Title: Re: Update BF's XW court
Post by: Penny Lane on April 20, 2021, 08:33:57 AM
 :bighug:

This all sounds like a real mess. I'm sorry you're dealing with it. How are you feeling about this all?
Title: Re: Update BF's XW court
Post by: athene1399 on April 20, 2021, 11:53:14 AM
I am so Sorry this has been going on, Christy. This sounds incredibly stressful! I know I say this to everyone, but self care is important. Do not let her BS take up too much space in your head. I used to worry about what stunt BM would pull next. I eventually set limits on how long I would spend worrying so that I wasn't worrying all day. You unfortunately cannot control what she is saying. I think it's great that the L keeps asking her to provide evidence because it is clear she doesn't have any. Also, try not to blame yourself for the situation. Only BM can control how she acts and that is on her, not you.
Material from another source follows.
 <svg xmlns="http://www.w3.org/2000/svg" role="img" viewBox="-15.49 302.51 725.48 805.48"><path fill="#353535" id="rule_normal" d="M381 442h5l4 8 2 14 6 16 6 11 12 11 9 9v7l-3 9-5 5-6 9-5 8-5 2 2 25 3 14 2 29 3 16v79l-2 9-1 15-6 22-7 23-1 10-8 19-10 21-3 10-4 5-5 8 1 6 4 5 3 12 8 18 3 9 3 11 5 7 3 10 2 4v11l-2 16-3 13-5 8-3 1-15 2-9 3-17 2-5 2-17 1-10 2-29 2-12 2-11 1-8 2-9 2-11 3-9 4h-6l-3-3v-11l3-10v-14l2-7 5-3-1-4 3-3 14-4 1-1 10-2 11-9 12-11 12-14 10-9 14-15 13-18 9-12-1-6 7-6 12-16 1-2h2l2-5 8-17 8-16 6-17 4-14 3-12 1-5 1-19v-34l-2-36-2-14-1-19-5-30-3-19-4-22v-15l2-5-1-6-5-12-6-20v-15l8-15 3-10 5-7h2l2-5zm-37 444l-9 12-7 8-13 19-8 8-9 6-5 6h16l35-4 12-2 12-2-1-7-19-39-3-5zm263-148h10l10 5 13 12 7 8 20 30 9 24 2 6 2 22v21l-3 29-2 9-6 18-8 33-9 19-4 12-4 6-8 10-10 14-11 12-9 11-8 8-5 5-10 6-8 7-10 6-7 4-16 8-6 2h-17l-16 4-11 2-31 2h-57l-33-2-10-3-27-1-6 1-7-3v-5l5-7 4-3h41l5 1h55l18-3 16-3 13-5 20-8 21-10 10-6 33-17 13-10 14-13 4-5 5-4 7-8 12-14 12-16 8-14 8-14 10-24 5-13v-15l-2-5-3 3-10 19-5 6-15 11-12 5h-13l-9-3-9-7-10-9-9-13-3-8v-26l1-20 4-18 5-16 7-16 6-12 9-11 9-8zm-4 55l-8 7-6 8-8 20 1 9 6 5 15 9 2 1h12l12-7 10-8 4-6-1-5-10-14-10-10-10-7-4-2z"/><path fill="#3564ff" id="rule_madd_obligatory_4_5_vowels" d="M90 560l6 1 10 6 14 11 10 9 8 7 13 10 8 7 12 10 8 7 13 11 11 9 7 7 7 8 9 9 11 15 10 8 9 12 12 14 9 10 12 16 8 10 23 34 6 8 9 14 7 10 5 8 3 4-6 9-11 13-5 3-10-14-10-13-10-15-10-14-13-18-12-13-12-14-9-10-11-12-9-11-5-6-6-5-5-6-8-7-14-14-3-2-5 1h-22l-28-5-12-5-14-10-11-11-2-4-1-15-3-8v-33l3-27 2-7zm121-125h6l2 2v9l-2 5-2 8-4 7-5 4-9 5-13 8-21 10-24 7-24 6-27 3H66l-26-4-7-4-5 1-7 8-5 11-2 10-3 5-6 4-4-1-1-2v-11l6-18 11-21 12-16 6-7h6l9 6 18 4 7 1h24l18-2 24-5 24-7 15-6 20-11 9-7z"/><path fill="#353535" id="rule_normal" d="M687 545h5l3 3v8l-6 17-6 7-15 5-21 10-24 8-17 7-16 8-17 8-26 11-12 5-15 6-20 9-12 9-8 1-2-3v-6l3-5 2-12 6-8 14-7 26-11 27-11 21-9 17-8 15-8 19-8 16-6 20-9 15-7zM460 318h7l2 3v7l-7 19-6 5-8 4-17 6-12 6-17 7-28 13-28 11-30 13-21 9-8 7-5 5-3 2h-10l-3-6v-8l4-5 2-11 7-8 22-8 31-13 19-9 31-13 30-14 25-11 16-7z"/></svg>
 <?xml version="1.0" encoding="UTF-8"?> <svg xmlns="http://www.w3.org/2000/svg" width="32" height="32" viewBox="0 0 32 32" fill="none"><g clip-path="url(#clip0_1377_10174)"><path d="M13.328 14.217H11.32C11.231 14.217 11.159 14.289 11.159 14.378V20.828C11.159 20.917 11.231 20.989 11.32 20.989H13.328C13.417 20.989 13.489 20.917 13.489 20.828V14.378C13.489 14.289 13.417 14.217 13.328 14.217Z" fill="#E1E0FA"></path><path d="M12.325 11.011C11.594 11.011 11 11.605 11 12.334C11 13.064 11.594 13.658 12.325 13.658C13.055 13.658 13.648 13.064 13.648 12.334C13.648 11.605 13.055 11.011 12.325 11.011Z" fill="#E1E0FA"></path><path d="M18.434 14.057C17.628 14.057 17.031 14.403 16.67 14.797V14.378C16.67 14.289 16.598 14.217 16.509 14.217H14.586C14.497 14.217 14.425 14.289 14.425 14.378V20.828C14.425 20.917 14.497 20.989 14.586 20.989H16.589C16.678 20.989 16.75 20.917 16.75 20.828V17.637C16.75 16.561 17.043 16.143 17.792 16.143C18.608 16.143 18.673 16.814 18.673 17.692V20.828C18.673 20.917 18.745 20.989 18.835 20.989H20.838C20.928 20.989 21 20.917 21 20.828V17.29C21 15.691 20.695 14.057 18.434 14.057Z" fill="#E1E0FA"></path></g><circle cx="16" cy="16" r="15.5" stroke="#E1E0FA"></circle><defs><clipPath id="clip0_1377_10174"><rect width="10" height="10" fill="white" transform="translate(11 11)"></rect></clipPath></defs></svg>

If you were not in the picture, she may be doing the same thing anyway.  Just focus on what you can control and what you can make better in regards to you situation, like you can support your BF and take breaks for self-care.
Title: Re: Update BF's XW court
Post by: Christy22 on April 21, 2021, 05:58:50 AM
Thank you.  BM showed up at court yet had no evidence about my patients, but has somehow had access to BF's iCloud.  She showed up at court with stacks of text messages from me and BF from day one.  There were pics of me, my kids, coworkers and much more.  She even highlighted a text from three years ago where he told me he is the happiest he has ever been and how he was miserable when he was with her (I never replied to him in that thread).  she has been reading ALL of our texts from the moment I meant him...

I already spoke to the sheriff who said this "It's not hacking. It was in the cloud and all in the sons IPad. She didn't stalk you. But she should have told BF right away. The fact that she didn't, exposed the son to stuff he shouldn't have seen. That is abuse."   BF's lawyer is useless (In regards to me) saying I have no recourse and to "let it go" and "let sleeping dogs lie" 



Title: Re: Update BF's XW court
Post by: Christy22 on April 21, 2021, 02:22:17 PM
I went to the city police day where i work.  They said we can press three seperate charges PLUS get an order against her.  I am going to my attorney today. 
Title: Re: Update BF's XW court
Post by: athene1399 on April 21, 2021, 02:43:22 PM
I am so sorry, Christy. What an invasion of your privacy. How are you doing after finding this out?
Title: Re: Update BF's XW court
Post by: Penny Lane on April 21, 2021, 02:58:45 PM
Yeah this is a HUGE violation and I hope your BF is as concerned as you are! I'm surprised her lawyer let her bring this "evidence" in - it seems like this will make her look bad, not you. But your BF needs to remove her access to his account immediately, and probably should change all his passwords to something she will never guess.
Title: Re: Update BF's XW court
Post by: Christy22 on April 22, 2021, 06:15:48 AM
Thanks for the replies...He changed his password and her lawyer called his lawyer demanding the password.  They said it was so their son could play games on the Ipad.  His lawyer told hers to pound sand!!!!  I'm not too upset about it.  I think she did this to break us up as she told the lawyer that once I found out what she knows about me that I was going to dump BF.  We did nothing wrong and she is proving to everyone that she is unfit.  We were told by his lawyer that she is "hanging herself."

She rolls her eyes at the judge at the hearings!! Can you believe that?  Nevermind that my BF has an email from her way back when that she didn't want their son anymore and wanted to move away with her married boyfriend.  AND NOW YOU WANT FULL CUSTODY? TILL WHEN? WHEN ANOTHER MAN COMES YOUR WAY?

I am 100% positive that she has been going through his Icloud account way before he met me.  BF is now realizing things and told me how she knew things about his ex girlfriend that he thought their son told her.  The police said that each time she opened his Icloud  is a count, meaning if she broke into it 100 times it is now 100 counts of the violation.   I bet it's WAAAAAAAYYYYY up there.